We talk a lot about the body using carbohydrate, protein and fat as it Energy-Yielding Nutrients, but the requirement from swimmer to swimmer varies. A swimmer’s energy requirements depend on several variables, including their age, gender, body weight (and possible composition) and level of training.

According to the American College of Sports Medicine, American Dietetic Association and Dietitians of Canada Joint Position Statement on Nutrition and Athletic Performance,

“Protein requirements are slightly increased in highly active people. Protein recommendations for endurance athletes are 1.2-1.4 g/kg body weight per day, whereas those for resistance and strength-trained athletes may be as high as 1.6-1.7 g/kg body weight per day.
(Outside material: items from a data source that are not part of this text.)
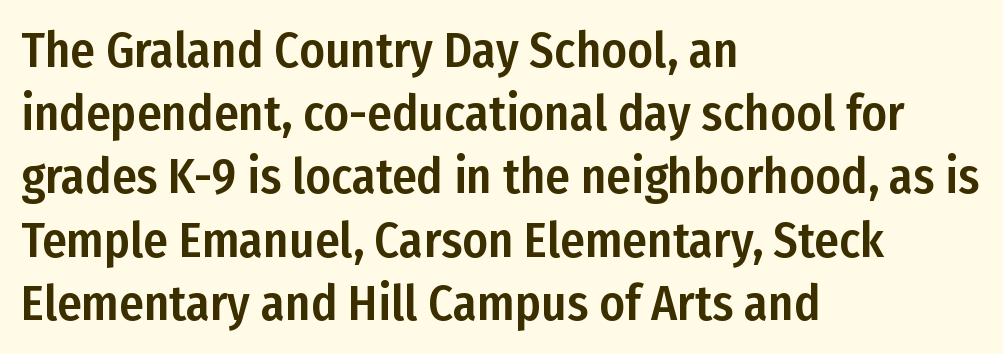
{"serif": "no", "italic": "no", "width": "condensed", "stroke_contrast": "low", "x_height": "medium", "monospaced": "no", "underline": "no", "align": "left", "line_spacing": "normal", "line_spacing_ratio": 1.29, "letter_spacing": "normal", "letter_spacing_em": 0.0, "glyph_px": 49}
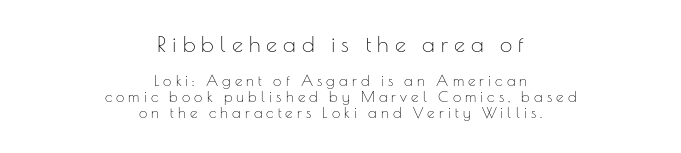
Q: Is the text bold? A: No.
Q: Is the text italic (slanted)? A: No, it is upright.
Q: Is the text underlined? A: No.
Q: How is the paragraph aligned? A: Centered.
Q: Is the spacing between letters normal or unusually wide? A: Unusually wide.
Q: Is the spacing between lines tight, normal or loose? A: Tight.
Q: Which block of text is set in a larger size, the first (top) or the second (bottom)? A: The first (top) one.
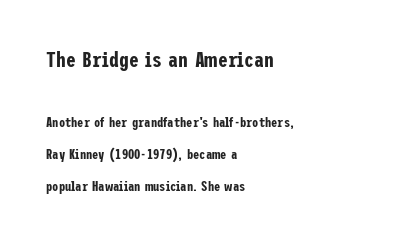
{"italic": "no", "underline": "no", "align": "left", "line_spacing": "loose", "line_spacing_ratio": 2.29, "letter_spacing": "normal", "letter_spacing_em": 0.0, "larger_block": "first", "size_ratio": 1.57, "glyph_px": 22}

These recommended protein intakes can generally be met through diet alone, without the use of protein or amino acid supplements, if energy intake is adequate to maintain body weight.” (ACSM, ADA, Dietitians of Canada, 2000, p 2131)

The generally recommended daily intake of protein for swimmers in training is 1.4-1.8 g/kg of body weight. Typically this should account for 12-15% of total calories. For a 160 lb athlete, that equates to 102-131 g/day, which is 12-15% of a diet of 2,720-4,367 kcal/day.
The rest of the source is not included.